# Master key blank



## Guest (Dec 8, 2002)

Hi everyone,

anybody knows where I can buy online original master key blank with Nissan logo on it ? Or going to the dealer is the only option ?

Thanks,
Vitali.


----------



## wes (Apr 30, 2002)

*Key*

Most of the key blanks I have seen on-line are Nismo blanks or chrome blanks. If they are what you want you can find them on ebay if you do a search. The Genuine Nismo key can be found at mossyperformance.com. 
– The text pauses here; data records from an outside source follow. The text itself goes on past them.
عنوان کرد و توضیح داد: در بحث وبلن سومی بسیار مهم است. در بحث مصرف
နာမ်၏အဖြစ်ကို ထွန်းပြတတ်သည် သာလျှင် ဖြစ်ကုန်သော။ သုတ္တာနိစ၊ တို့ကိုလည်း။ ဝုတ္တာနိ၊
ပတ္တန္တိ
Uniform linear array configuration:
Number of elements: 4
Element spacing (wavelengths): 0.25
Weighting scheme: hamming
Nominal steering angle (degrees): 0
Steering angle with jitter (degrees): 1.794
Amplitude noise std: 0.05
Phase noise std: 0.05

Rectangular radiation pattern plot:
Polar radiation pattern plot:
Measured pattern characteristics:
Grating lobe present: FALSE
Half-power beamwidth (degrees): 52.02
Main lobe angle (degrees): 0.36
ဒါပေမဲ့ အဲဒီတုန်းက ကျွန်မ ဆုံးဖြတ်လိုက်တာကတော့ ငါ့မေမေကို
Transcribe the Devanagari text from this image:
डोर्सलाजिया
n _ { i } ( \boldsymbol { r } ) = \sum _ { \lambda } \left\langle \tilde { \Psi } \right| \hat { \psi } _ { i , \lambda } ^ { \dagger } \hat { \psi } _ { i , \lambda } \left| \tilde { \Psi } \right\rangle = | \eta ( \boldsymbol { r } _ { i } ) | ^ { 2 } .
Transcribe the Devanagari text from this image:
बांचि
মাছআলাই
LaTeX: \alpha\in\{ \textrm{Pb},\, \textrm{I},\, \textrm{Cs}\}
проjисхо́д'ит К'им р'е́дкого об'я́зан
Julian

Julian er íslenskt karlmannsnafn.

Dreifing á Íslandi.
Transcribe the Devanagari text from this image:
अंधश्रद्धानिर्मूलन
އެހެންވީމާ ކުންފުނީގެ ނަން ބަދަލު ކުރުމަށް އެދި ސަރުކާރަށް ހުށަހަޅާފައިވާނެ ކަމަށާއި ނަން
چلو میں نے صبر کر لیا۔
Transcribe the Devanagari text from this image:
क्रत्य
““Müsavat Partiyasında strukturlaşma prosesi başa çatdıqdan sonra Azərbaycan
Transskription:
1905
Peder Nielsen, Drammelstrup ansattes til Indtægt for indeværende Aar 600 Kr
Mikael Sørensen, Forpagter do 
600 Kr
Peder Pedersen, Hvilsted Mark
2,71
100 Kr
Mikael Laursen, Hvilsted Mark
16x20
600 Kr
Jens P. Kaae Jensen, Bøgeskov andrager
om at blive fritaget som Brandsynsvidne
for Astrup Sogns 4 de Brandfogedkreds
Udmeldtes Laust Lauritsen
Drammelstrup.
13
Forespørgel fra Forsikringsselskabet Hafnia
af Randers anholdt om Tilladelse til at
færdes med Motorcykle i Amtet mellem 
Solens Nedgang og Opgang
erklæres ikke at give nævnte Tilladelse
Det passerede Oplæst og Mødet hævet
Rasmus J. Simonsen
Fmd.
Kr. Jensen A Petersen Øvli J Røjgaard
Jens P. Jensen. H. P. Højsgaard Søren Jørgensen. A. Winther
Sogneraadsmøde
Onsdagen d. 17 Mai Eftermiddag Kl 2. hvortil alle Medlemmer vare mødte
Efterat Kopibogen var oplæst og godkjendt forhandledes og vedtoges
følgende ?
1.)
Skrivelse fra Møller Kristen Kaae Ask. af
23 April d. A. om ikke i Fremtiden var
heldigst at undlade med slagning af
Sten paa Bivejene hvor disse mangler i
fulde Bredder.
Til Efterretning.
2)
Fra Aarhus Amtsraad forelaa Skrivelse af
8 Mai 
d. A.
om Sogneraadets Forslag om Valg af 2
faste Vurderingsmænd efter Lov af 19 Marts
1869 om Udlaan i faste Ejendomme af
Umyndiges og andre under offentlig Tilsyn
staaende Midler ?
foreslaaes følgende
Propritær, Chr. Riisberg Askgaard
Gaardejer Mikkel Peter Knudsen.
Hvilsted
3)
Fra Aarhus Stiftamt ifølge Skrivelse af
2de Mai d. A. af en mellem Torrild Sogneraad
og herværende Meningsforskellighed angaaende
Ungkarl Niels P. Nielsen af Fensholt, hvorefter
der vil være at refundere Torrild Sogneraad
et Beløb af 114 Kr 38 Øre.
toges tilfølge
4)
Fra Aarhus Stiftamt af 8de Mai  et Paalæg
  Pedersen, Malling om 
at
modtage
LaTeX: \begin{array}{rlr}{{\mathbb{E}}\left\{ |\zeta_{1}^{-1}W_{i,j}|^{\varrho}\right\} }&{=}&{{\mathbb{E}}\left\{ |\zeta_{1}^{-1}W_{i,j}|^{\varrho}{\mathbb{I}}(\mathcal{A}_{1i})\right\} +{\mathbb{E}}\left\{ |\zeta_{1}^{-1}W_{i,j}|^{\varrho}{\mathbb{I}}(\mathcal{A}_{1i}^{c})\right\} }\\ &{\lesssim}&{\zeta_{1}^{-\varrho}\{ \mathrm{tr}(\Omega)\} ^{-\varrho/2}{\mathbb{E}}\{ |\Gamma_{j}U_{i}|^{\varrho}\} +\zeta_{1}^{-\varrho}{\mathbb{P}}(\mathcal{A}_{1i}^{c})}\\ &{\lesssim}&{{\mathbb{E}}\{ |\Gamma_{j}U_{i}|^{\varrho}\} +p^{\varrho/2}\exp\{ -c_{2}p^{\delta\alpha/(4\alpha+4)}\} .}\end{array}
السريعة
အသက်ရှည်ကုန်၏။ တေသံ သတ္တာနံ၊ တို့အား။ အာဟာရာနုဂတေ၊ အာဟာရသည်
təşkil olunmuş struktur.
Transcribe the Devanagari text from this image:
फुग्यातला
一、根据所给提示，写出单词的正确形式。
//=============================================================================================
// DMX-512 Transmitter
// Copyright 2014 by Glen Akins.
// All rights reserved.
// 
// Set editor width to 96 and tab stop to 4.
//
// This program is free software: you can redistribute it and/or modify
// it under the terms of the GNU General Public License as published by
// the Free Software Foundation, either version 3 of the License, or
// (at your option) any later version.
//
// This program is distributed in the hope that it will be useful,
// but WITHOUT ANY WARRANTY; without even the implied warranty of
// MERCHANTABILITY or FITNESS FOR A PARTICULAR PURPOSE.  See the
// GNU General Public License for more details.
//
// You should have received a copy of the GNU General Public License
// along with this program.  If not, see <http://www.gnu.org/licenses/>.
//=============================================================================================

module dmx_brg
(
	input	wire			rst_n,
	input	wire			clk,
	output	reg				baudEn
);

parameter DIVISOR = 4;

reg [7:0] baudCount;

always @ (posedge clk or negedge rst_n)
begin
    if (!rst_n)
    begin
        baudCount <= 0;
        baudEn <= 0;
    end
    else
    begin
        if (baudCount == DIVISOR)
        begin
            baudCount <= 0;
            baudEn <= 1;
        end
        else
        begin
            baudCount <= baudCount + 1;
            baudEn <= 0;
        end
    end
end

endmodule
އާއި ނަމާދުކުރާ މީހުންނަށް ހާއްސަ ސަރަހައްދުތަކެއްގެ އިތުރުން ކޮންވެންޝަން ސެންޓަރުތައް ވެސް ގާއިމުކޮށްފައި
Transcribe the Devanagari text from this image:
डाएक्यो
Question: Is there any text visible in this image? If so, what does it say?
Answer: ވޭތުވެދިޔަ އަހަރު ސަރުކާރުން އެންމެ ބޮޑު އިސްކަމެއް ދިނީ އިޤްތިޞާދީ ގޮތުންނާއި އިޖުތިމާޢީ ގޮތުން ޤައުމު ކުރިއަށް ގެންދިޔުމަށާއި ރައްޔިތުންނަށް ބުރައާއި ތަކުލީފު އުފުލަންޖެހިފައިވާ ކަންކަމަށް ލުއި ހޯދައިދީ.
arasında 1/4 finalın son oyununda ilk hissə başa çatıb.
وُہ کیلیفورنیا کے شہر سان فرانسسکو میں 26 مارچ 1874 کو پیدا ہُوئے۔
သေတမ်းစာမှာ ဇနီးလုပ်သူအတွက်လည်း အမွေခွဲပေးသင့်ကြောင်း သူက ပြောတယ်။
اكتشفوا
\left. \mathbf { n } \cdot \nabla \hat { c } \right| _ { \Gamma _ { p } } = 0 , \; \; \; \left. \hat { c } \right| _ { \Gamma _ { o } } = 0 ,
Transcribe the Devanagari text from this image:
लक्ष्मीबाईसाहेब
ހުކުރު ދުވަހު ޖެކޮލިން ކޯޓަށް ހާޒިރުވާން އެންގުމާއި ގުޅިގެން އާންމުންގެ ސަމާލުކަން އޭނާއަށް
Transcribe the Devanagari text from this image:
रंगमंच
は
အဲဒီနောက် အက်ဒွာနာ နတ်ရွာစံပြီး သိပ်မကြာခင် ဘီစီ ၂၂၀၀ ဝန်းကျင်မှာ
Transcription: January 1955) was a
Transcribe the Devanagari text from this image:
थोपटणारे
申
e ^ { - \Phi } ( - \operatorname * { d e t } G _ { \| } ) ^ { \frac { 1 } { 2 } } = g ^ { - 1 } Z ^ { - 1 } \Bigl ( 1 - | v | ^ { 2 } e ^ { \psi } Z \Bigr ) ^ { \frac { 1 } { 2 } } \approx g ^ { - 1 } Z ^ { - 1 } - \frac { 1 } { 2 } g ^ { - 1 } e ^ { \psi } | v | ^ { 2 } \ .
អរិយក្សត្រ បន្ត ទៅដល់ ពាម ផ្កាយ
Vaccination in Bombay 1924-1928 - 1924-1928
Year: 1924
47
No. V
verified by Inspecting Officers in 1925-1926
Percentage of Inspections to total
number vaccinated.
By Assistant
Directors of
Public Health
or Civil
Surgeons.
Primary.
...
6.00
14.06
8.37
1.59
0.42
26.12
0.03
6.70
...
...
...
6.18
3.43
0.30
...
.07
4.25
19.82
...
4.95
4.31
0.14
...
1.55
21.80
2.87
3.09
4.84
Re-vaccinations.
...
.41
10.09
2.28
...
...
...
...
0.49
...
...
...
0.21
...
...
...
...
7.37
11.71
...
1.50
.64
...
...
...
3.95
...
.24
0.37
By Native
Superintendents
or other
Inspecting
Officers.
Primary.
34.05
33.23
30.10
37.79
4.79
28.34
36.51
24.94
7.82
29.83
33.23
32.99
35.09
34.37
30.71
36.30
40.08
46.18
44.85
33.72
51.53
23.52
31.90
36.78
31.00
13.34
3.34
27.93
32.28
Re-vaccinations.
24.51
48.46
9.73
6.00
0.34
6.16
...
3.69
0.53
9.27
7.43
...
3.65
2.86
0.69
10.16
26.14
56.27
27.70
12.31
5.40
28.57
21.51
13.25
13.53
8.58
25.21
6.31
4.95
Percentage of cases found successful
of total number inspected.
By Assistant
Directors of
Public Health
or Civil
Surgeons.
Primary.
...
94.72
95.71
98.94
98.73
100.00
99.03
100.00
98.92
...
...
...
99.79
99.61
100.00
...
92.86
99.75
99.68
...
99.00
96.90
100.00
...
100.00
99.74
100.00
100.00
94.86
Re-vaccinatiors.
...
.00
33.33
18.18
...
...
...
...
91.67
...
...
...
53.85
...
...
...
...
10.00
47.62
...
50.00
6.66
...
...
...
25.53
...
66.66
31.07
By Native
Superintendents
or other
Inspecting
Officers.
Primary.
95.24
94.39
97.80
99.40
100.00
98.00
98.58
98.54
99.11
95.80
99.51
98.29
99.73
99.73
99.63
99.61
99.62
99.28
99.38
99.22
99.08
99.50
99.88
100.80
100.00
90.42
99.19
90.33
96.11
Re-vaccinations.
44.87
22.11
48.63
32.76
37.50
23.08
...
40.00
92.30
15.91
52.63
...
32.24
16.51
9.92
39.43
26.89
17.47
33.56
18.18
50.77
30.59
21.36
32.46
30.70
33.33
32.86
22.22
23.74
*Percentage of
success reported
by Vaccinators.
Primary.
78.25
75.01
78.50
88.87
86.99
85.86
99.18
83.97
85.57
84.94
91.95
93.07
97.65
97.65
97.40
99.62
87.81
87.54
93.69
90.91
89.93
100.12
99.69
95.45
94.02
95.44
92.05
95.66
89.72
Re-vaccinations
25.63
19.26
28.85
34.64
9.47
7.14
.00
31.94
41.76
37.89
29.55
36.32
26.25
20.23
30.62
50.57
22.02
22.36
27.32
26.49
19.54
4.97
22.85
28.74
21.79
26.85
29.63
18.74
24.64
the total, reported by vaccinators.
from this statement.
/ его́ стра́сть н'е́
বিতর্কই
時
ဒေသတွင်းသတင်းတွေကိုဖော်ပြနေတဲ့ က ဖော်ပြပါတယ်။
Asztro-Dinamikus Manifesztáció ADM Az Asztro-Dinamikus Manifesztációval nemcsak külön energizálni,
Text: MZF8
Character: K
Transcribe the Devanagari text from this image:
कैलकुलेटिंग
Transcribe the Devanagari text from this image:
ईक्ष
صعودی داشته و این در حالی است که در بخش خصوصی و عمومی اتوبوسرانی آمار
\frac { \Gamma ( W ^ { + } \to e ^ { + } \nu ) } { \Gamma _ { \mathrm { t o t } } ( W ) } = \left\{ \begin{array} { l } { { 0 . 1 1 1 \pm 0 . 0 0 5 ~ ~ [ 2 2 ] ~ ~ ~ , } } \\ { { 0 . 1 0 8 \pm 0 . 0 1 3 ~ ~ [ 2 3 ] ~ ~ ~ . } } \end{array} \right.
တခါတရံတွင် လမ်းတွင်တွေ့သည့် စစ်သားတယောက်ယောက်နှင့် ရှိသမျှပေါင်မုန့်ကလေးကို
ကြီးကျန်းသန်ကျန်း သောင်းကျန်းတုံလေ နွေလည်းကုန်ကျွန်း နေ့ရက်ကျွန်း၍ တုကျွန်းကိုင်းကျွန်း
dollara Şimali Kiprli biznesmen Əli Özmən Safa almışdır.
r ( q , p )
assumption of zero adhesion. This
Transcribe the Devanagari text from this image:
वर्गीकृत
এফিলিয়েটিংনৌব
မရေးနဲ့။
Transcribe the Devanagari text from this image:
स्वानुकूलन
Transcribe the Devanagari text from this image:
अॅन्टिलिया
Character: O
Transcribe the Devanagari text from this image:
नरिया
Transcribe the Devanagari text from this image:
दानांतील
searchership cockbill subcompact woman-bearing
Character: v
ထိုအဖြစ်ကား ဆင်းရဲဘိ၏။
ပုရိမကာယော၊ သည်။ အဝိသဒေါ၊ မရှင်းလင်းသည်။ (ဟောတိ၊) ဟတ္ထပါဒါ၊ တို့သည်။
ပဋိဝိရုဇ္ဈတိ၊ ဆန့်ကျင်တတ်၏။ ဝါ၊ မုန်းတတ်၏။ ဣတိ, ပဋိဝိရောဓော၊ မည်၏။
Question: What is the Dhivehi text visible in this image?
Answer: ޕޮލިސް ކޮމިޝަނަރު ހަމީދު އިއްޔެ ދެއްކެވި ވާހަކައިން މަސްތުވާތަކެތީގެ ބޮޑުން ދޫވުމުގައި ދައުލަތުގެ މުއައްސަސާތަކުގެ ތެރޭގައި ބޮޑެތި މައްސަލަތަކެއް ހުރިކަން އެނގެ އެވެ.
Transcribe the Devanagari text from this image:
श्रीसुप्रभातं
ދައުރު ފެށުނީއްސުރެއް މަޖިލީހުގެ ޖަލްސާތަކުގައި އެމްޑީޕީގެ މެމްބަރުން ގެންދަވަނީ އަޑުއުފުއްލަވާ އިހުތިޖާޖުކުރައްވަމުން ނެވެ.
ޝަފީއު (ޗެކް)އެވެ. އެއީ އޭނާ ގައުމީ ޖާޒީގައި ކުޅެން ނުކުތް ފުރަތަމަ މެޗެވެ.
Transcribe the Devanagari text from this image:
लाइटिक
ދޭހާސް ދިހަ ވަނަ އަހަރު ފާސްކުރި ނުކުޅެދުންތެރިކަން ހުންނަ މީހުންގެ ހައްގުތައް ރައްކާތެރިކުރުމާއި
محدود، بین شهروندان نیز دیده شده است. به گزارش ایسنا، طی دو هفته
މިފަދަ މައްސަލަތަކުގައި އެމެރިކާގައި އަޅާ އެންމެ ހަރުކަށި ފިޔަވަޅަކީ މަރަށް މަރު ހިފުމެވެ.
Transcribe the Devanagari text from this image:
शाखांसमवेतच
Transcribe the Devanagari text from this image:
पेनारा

Otherwise the dealer has them, I believe most key makers have Nissan STYLE blanks, they are the same shape as the factory but they are lacking the Nissan logo.


----------



## Guest (Dec 8, 2002)

Thanks wes,

I know about Nismo blanks, but I wanted the key with Nissan logo. So I think the dealer is where I should go.

Vitali.


----------



## Ninety-Nine SE-L (May 5, 2002)

hahaha, check this out. I just bought one:








butterfly style key.


----------



## andre (Apr 30, 2002)

Is it functional?  (butterfly)


----------



## mavenali (Nov 22, 2002)

I found a site the other night that sells gold and silver keys w/ the black NISMO symbol w/ red cirle for O --- Im at work right now so not sure where the sight is but i will post later tonite and give you the address. -- the only problem is you're gonna have to translate japanese yen into what ever the dollar would be....


----------



## Gimp (Jun 9, 2002)

This, I THINK, is what Mavenali is talking about. They're kinda pricey. Around $45-55 per key.


----------



## Gimp (Jun 9, 2002)

http://www.courtesyparts.com/Mercha...n=PROD&Store_Code=CP&Product_Code=KEY01-WTF01


----------



## mavenali (Nov 22, 2002)

Timbo.. thats exactly what i was talking about... love that key.. but didn't know it cost tht much..


----------



## nak1 (May 17, 2002)

you can get the Nissan key blank already cut for you car if you go to the dealer. I think its like $15 dollars. They refrence your VIN and cut you a key. Make sure you have proof of ownership though... they shouldnt cut it unless you do. I will be doing this tomorrow.


----------



## Guest (Dec 11, 2002)

*Switchblade*

Anyone know if Nissans can get those cool switchblade keys? 

I have seen VW's with em


----------



## Niss200SXGTR (May 31, 2002)

no


----------



## JZK316 (Sep 18, 2002)

You can get a GTR one from motorex.net .


----------